Even if Kelce and Hill can’t participate, the Steelers need to be wary of the Chiefs running attack. Even though, on average, coach Andy Reid’s offense only accumulates 109.9 yards per game on the ground, K.C. popped off for 132 yards rushing two weeks ago in a win against the Las Vegas Raiders and 126 yards against the Dallas Cowboys before their bye on Nov. 21.

Meanwhile, the Steelers have the second-worst rush defense in the NFL at 143.9 yards per game. And it just yielded 201 yards on the ground against Tennessee last weekend.

“It was ‘The Good, the Bad and the Ugly,’” defensive captain Cameron Heyward said of his unit’s effort last week against the Titans. “The ‘ugly’ was the 200 (yards rushing). The ‘bad’ was the time of possession (39 minutes and eight seconds for Tennessee). But the good was 13 points. Our pass defense was good. And the really good was picking up the W.”

Heyward’s “The Good, the Bad and the Ugly” reference is also fitting of this Steelers season in general. As it was of that 2018 team.

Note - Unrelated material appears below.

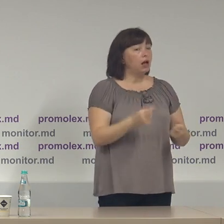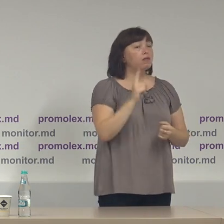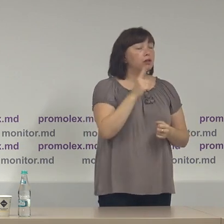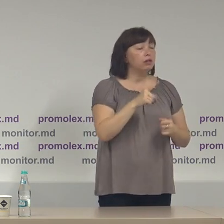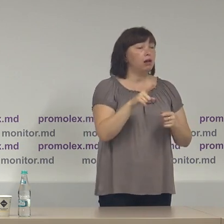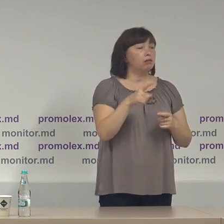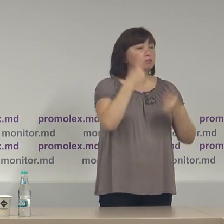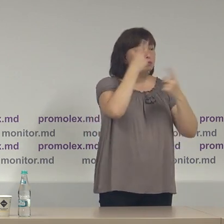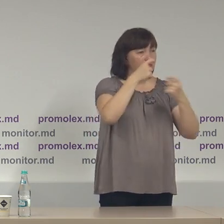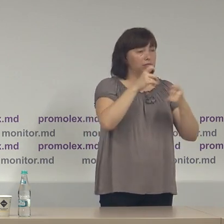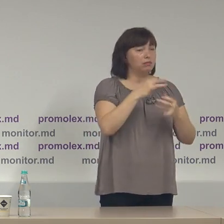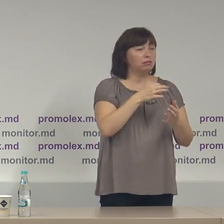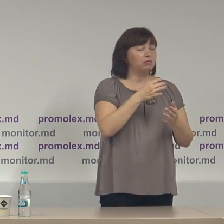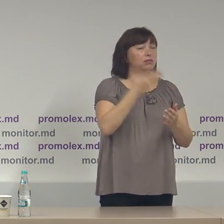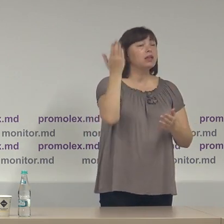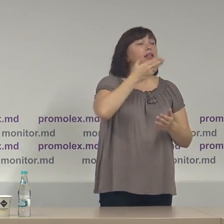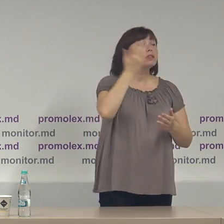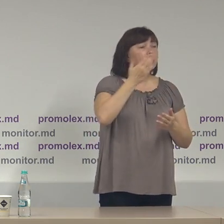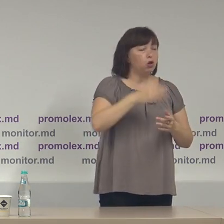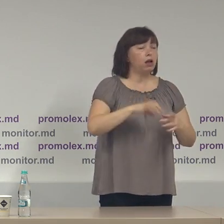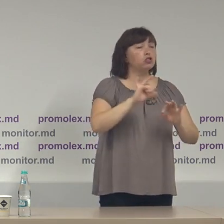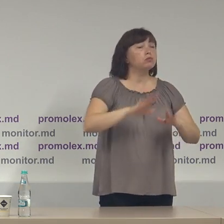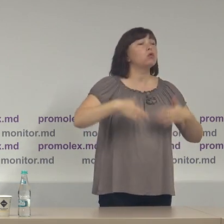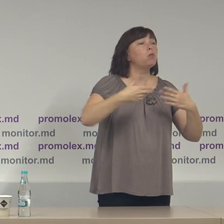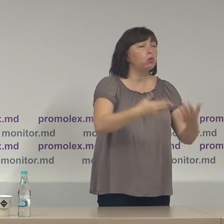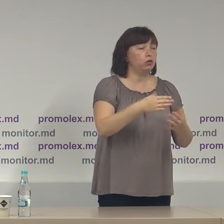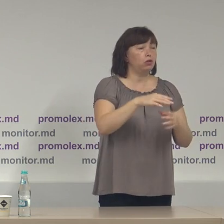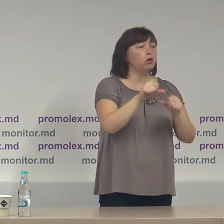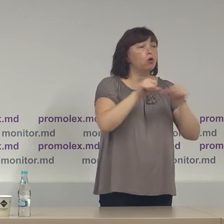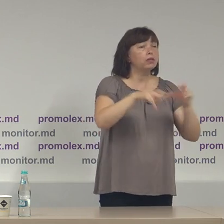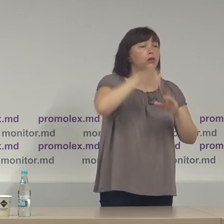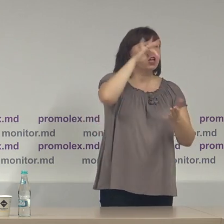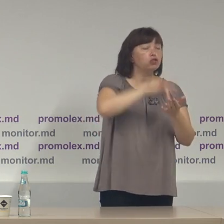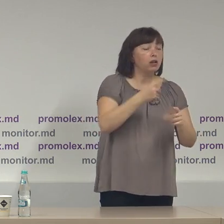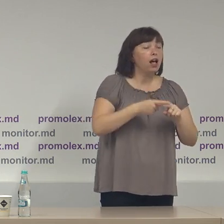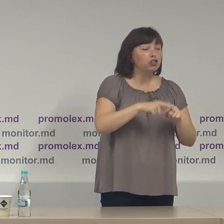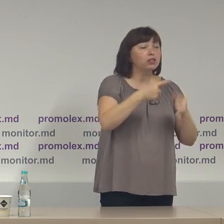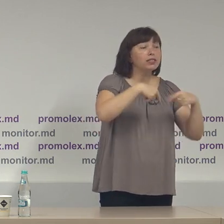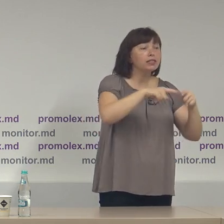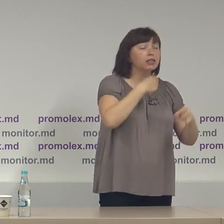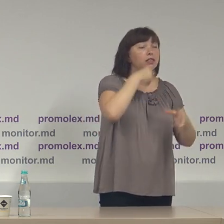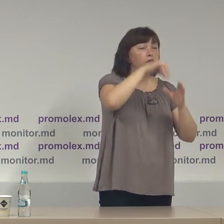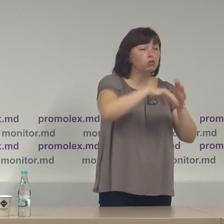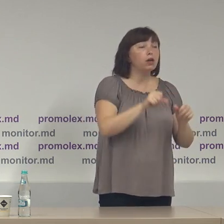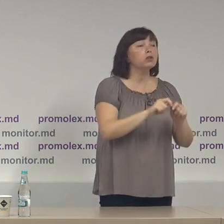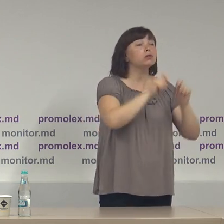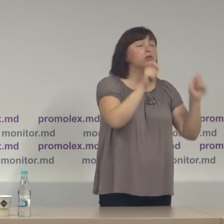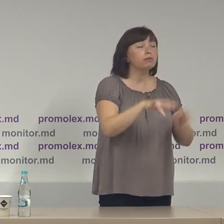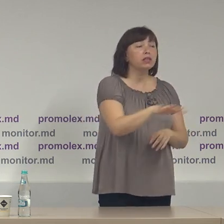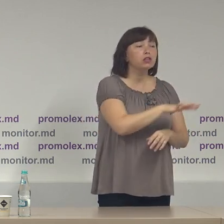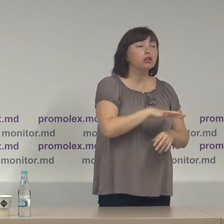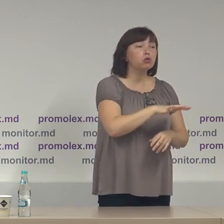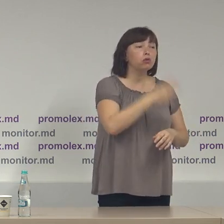declarațiilor sau propunerilor Comisiei Electorale Centrale aceste secții de votare sunt deschise pe teritoriul

A sequel to that 1966 movie was proposed and never made. If 2021 is actually a remake of 2018, for the sake of the Steelers, let’s hope the ending is more favorable in Kansas City over this Christmas weekend than was the case in New Orleans a few years ago.

If not, at least rewrite the ending for the last week of the season. Because no one in Pittsburgh was a fan of how that original screenplay wrapped up.